Squam Lakes Financial Advisors, LLC

Job Title:

Chief Listener

Biography:

Bob has long been a proponent of fee-only financial planning and was a founding member of the National Association of Personal Financial Advisors (NAPFA), the leading professional association of fee-only financial advisors. He served three years as president and director of the Northeast Mid-Atlantic Region of NAPFA and led a committee to develop NAPFA University for the continuing education of fee-only financial advisors and planners. In 2011, he received NAPFA’s Robert J. Underwood Distinguished Service Award and in 2013 he was honored and recognized as one of the 30 Most Influential for meritorious service to NAPFA and the Fee-Only financial planning community.

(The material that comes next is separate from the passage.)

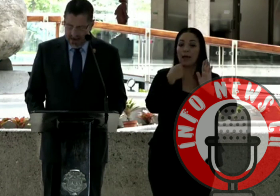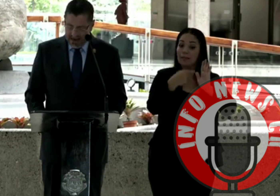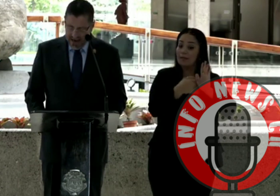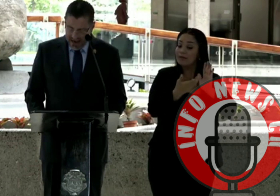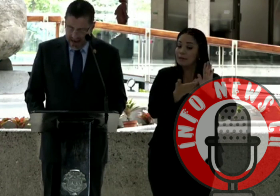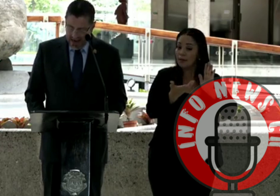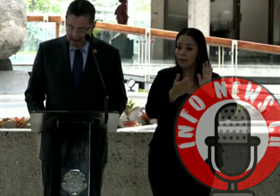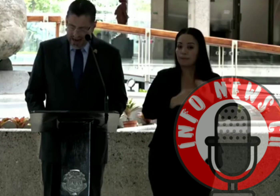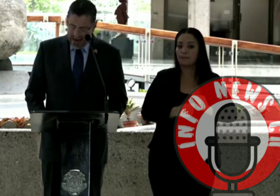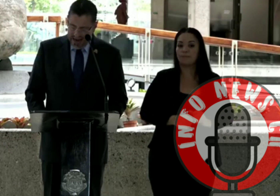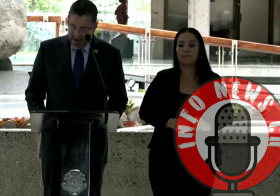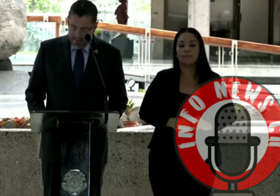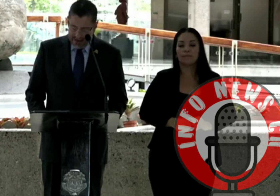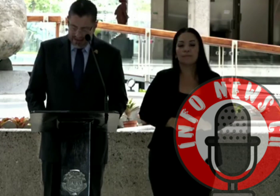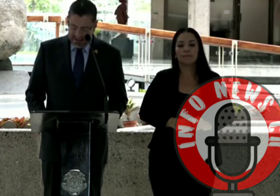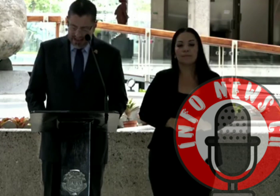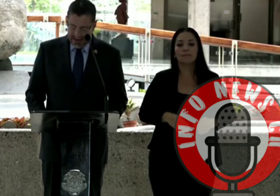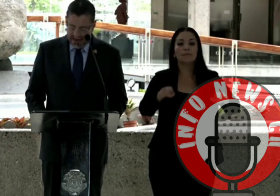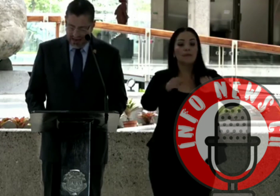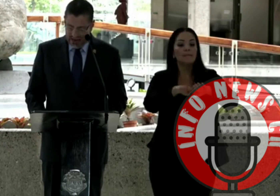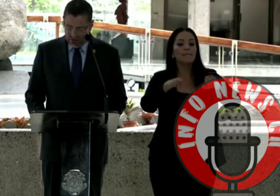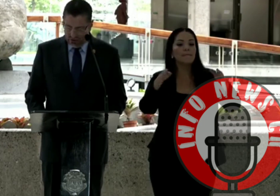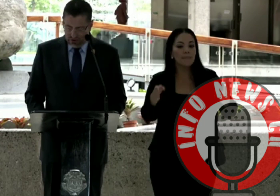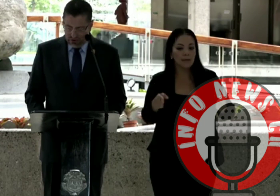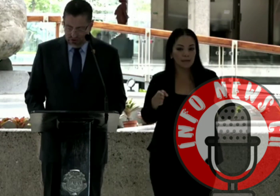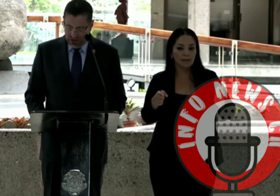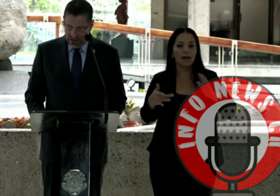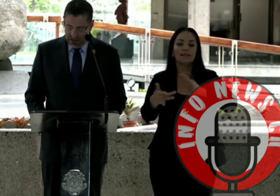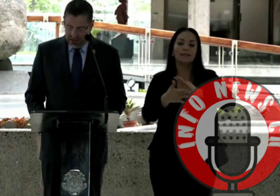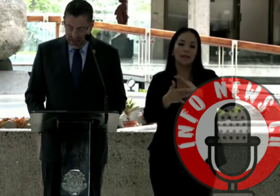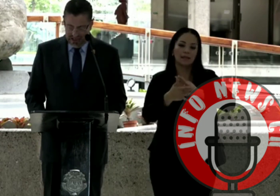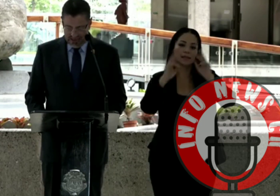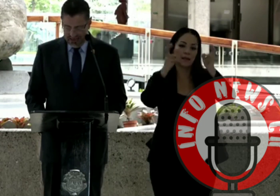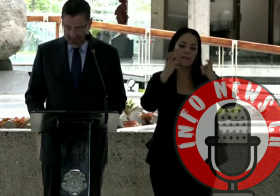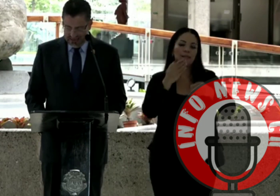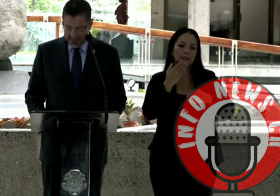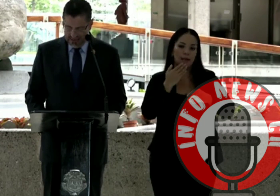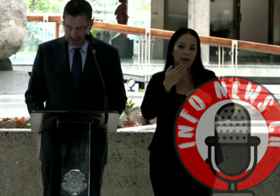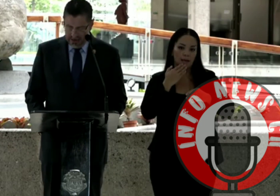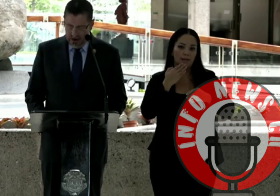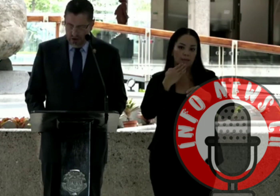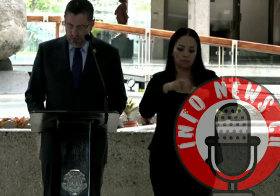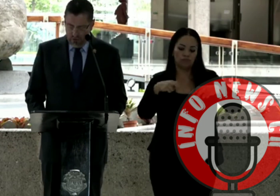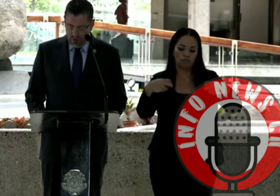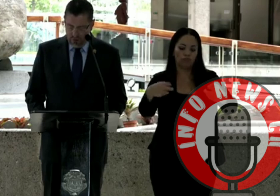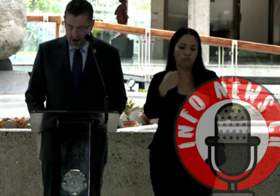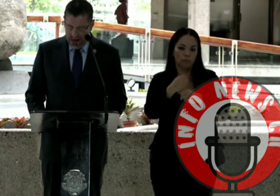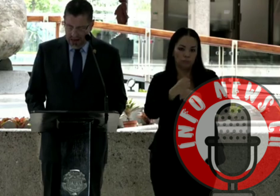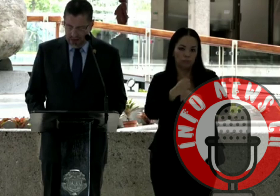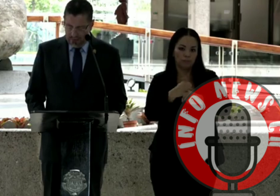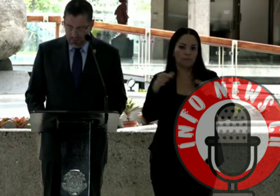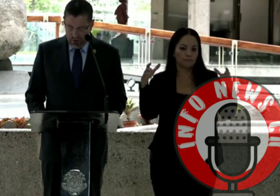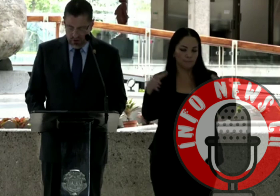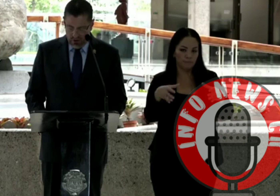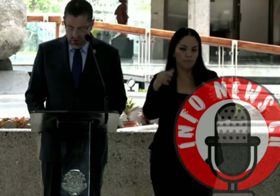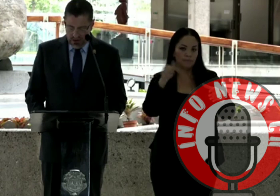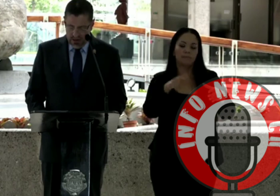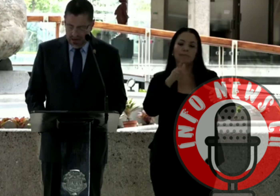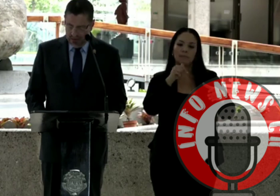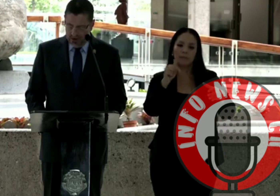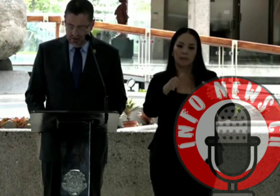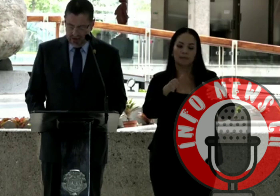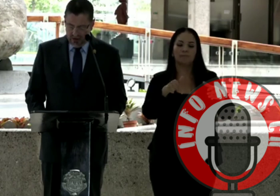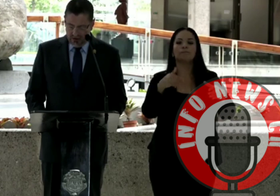que la Mesa Técnica de Asuntos Indígenas, conformada por
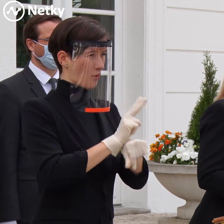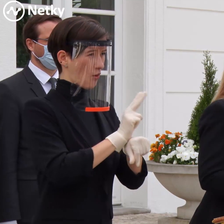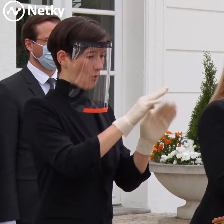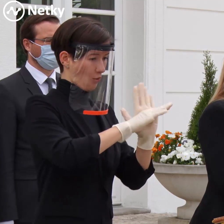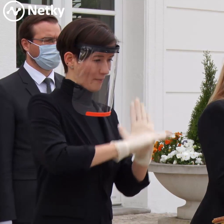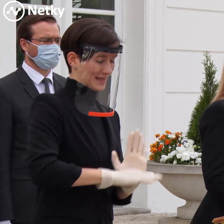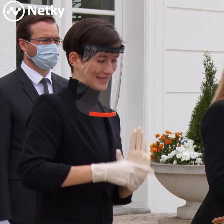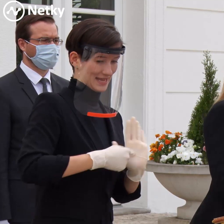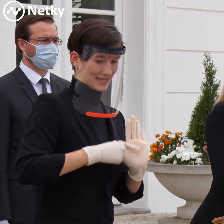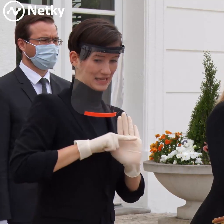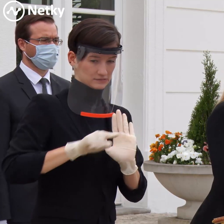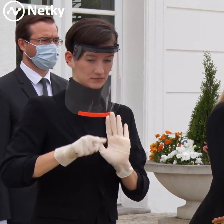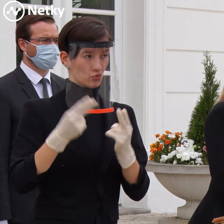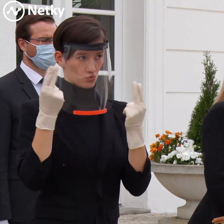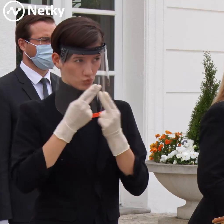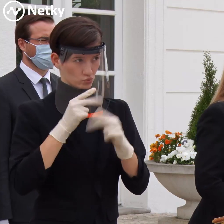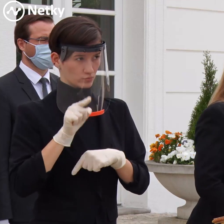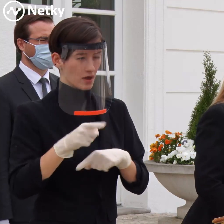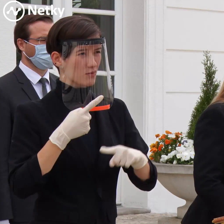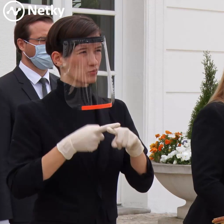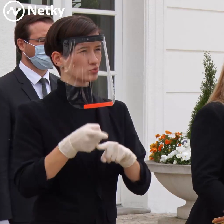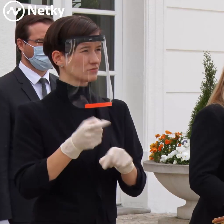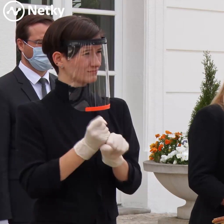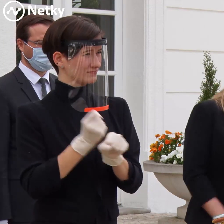vykonané. Čiže toto bolo takisto predmetom našej debaty.

Bob’s client base included women, retiring and retired couples, owners of closely held businesses professors at Plymouth State University. They look to Bob and his team to help articulate personal goals and develop comprehensive planning strategies for achieving those goals.

In the 14 years prior to founding his own business, Bob administered estates, trusts, and developed new business for bank trust departments. He was awarded the Master of Science Degree in Financial Services (MSFS) from the American College in Bryn Mawr, Pennsylvania, and had his undergraduate studies at Siena College in Loudonville, NY. Bob holds the Accredited Estate Planner certification from the National Association of Estate Planing Councils, a leading organization of professional estate planners and affiliated estate planning councils focused on establishing and monitoring the highest professional and educational standards for the practice.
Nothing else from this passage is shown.